Question

solve 3√x-3-2=16 (radical ends above 3)

a.x=6
b.x=9
c.x=39
d.none of the above

solve √2x+15=√5(radical ends on top of 15)
a.x=10
b.x=5
c.x=-5
d.None of the above

rationalize the denominator of √-36 / (2-3i)+ (3+2i)

I would really appreciate the help!

Answer 1

For the first question, add 2 to both sides, what do you get?

Answer 2

\[3\sqrt{x+5}=16\] i think

Answer 3

Left side is correct, right side is not correct.
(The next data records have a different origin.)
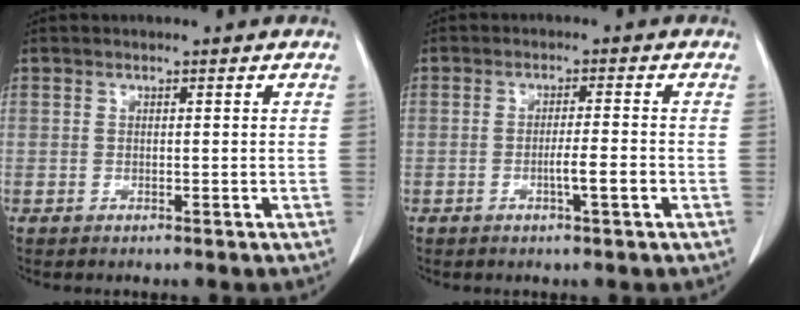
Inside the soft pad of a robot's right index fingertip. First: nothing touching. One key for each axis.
{"total": 3.4, "fx": -1.1, "fy": -0.1, "fz": 3.2, "tx": -0.055, "ty": -0.003, "tz": -0.019}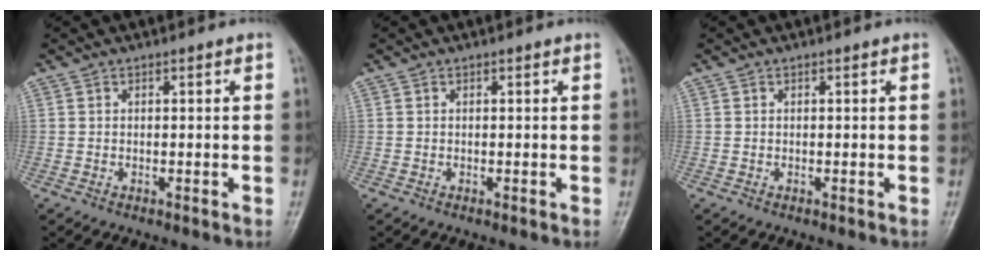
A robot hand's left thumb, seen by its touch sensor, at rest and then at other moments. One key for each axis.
{"total": 0.0}
{"total": 0.0}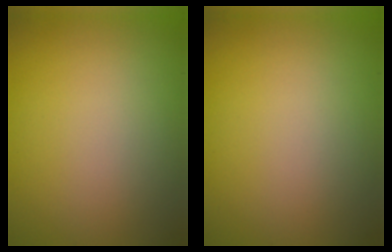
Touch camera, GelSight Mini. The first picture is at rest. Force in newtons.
{"total": 0.0}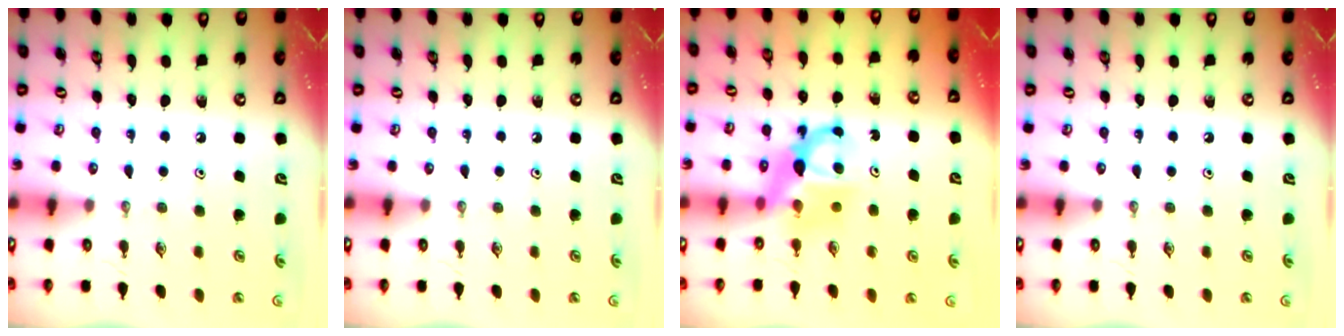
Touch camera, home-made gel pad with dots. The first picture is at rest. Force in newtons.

You haven't add 2 to the right side

Answer 4

so would it be 18 instead of = 16?

Answer 5

=18 instead of = 16 :)
Here you got
\(3\sqrt{x+5}=18\)
Now, divide both sides by 3

Answer 6

well the 18 will be 6 but I don't know how to go about dividing the radical

Answer 7

Wait.... Not right...
It should be \(3\sqrt{x+3}=18\)

Answer 8

Sorry I overlooked something...
Once again.
Add 2 to both sides
\[3\sqrt{x-3}-2=16\]\[3\sqrt{x-3}-2+2=16+2\]\[3\sqrt{x-3}=18\]Divide both sides by 3.\[\frac{3\sqrt{x-3}}{3}=\frac{18}{3}\]Simplify it. What do you get from here?

Answer 9

would it be \[\sqrt{x}-1=6\]

Answer 10

Nope. You need not deal with the things in the square root for the moment. Just deal with the coefficient of the square root.

Answer 11

And you cannot break the square root in that way..

Answer 12

so \[\sqrt{x-3}=6?\]

Answer 13

Yes. Square both sides now. What do you get?

Answer 14

what do you mean by square them? I'm sorry I'm clearly really bad at math.

Answer 15

My bad :(
Take square on both sides.
\[\sqrt{x-3} ^2=6^2 \]Can you simplify it?

Answer 16

so I think either \[\sqrt{x^2-9}=36\] or\[\sqrt{x-9}=36\]

Answer 17

Nope. Things in the square root won't change.
\[\sqrt{x-3}^2=6^2\]\[x-3=36\]
Since = \(\sqrt a ^2 = a\)

Answer 18

so x=39 right?

Answer 19

Yes.

Answer 20

Thank you so much you helped me so much! thanks for being patient!

Answer 21

Welcome. question 2!
\[\sqrt{2x+15}=\sqrt{5}\]
Take square on both sides, what do you get?

Answer 22

So \[\sqrt{2x+15}^2=\sqrt{5}^2\]

Answer 23

Yes, and then?!

Answer 24

that removes the radicals right? so we'd get 2x+15=5

Answer 25

Yes. Next, subtract 15 from both sides.

Answer 26

so 2x=-10 which equals x=-5
Am I correct?

Answer 27

I think it's correct! :)

Answer 28

YYYYYYAYYYYYY! Thank you!

Answer 29

Welcome! Last one
\[\frac{-36}{ (2-3i)+ (3+2i)}\] ^Is this the question?

Answer 30

Yes that's the question

Answer 31

Uh-oh, or is it\[\frac{\sqrt{-36}}{ (2-3i)+ (3+2i)}\]

Answer 32

sorry yes its the second one

Answer 33

\(\sqrt{-1} = i\)
\(\sqrt{-36} = 6i\)

So, we can get \[\frac{\sqrt{-36}}{ (2-3i)+ (3+2i)} = \frac{6i}{ (2-3i)+ (3+2i)} \]Got it so far?

Answer 34

yes I get it so far

Answer 35

Hold on.. simplify the denominator first, can you?

Answer 36

how would I do that??

Answer 37

(2-3i) + (3+2i)
= (2+3) + (2i-3i)
= ...?

Answer 38

so 5+ -i

Answer 39

5+ (-i) = 5-i
So, you get \[\frac{\sqrt{-36}}{ (2-3i)+ (3+2i)}\]\[ = \frac{6i}{ (2-3i)+ (3+2i)}\]\[ = \frac{6i}{5-i}\]Now multiply the fraction by a conjugate \( \frac{5+i}{5+i}\)
\[ = \frac{6i}{5-i} \times \frac{5+i}{5+i}\]\[ = \frac{6i(5+i)}{(5-i)(5+i)} \]Can you simplify it?

Answer 40

Oh okay I get it so would it be \[-6+30i \over 26\]

Answer 41

You can further simplify it :)

Answer 42

how??

Answer 43

They have the common factor of 2.

Answer 44

\[2(-3+15i) \over 2\times13\]

Answer 45

\[-3+15i \over 13\] right ??

Answer 46

Yup.

Answer 47

Thank you big time! I truly appreciate your help and your time. Thank you again!